Yes. This is Harvey. The catalog, we executed two catalogs last year. They were actually incredible brand bodies of work and while they engage the consumer in the test and control format that we executed them, we will likely reinvest in a different way our direct strategy relative to direct in mail format.
So whether it's catalog or other format to direct mail, more effective, more efficient vehicles than the 28 and 56 page catalog, which just didn't increment the business enough versus the control to move forward in that same format.
We will still have a direct mail component as I talked about the recipe, if you will, but it will be in a more efficient, I guess I would say, less cost impactful way. And we believe that it's a part of kind of a tri-party way to engage consumers, both in-stores, online and through direct mail formats..
Okay.
And as you look going forward, how should we be thinking about the ideal number of stores that you need, given that you are becoming much more, I won't say focused, just much more refined in how you are doing your online business?.

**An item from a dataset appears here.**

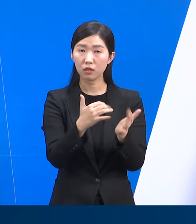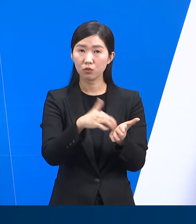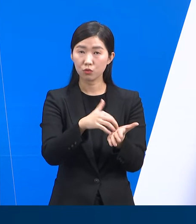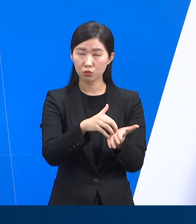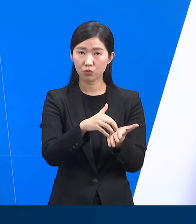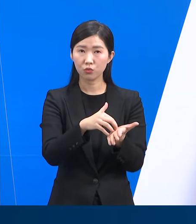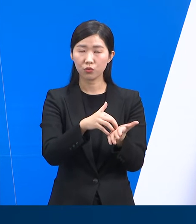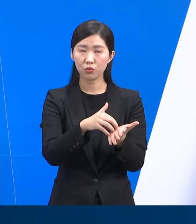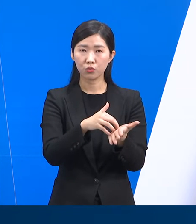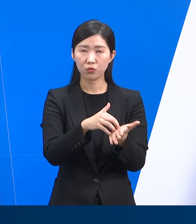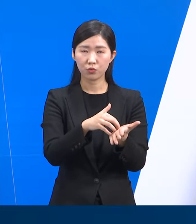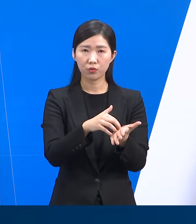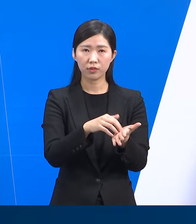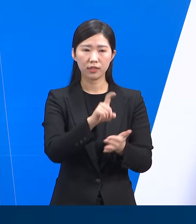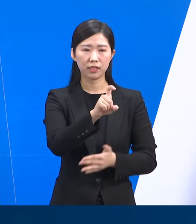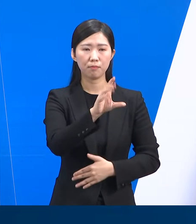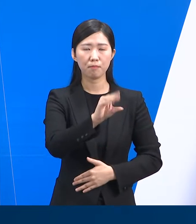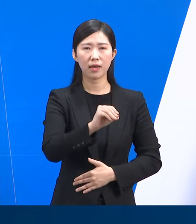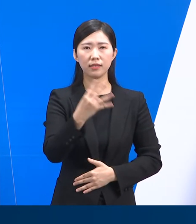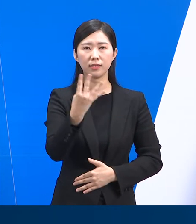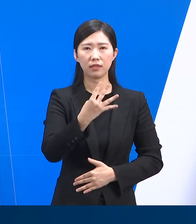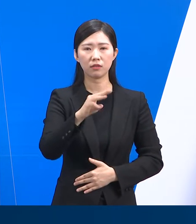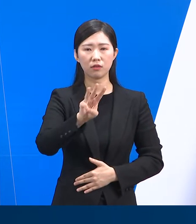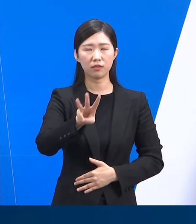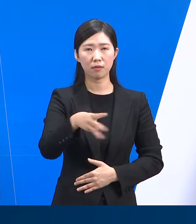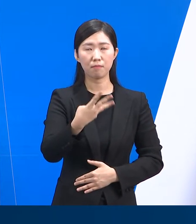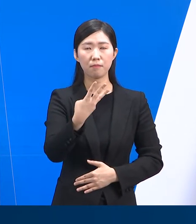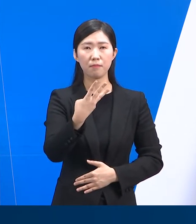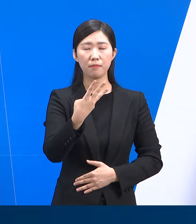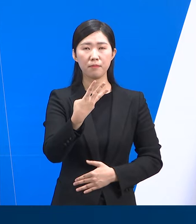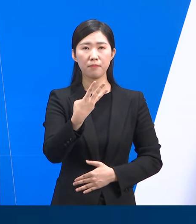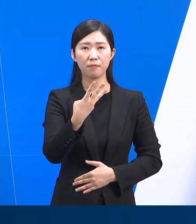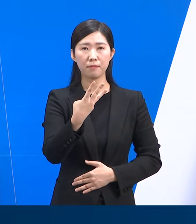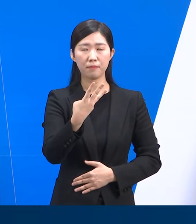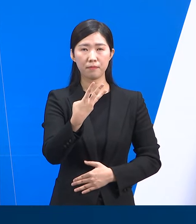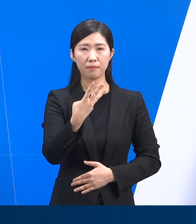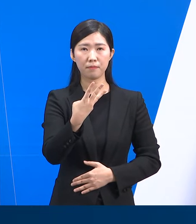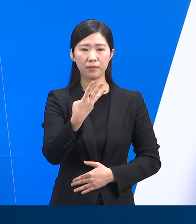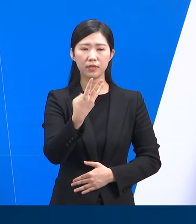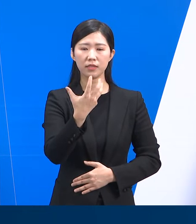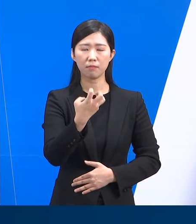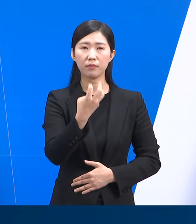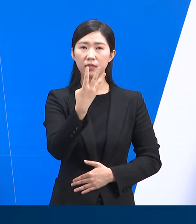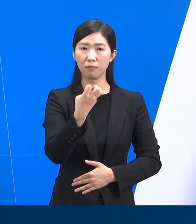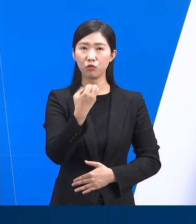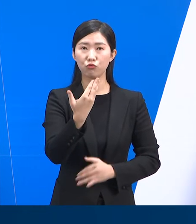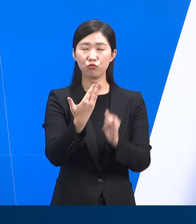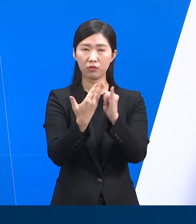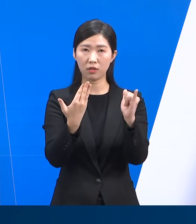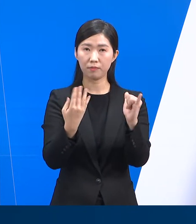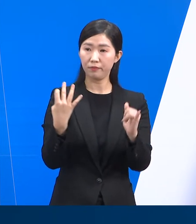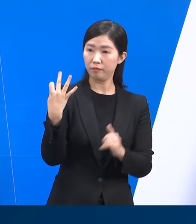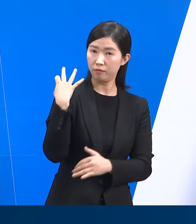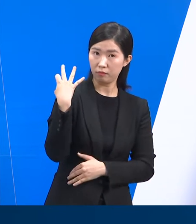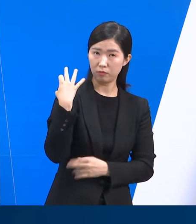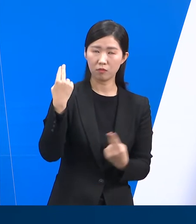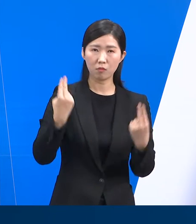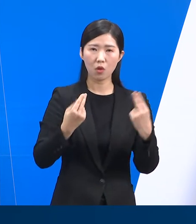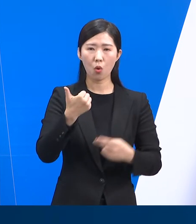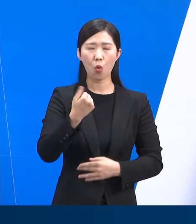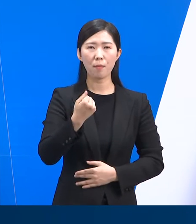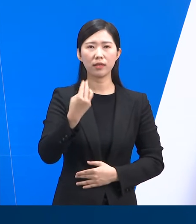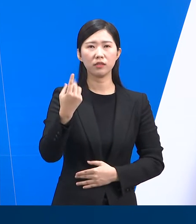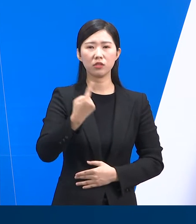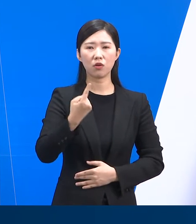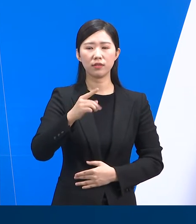도내 확진자 수는 10만 4,339명으로 전주 대비 5만

Sure. So I will take that one. I think as I think about stores, the biggest change to think about going forward is the remodel program that we have going on. So we have roughly 237, 238 DXL stores today. There is another I think 88 Casual Male stores.
And so, many of those stores are going to convert over to the DXL format, which we have seen has been pretty effective with the first 10 or so stores that we have opened up.
I think the great thing about this strategy is, it will finally unite the brand and we will not be a company that's still operating Casual Male stores under a separate format than the DXL stores.
So as I think about it going forward, there will probably be a small handful of stores and new real estate that we would do every year as conditions warrant. But by and large, it will be conversion of existing Casual Male stores and remodeling in the same real estate..
Okay.
And when you look at the split, I know you talked a little about adding more designer product, how should we be thinking about that split between designer and the kind of your core basic/private label product going forward? And how should we be thinking about that in terms of ability to maintain margins if you are increasing the designer product?.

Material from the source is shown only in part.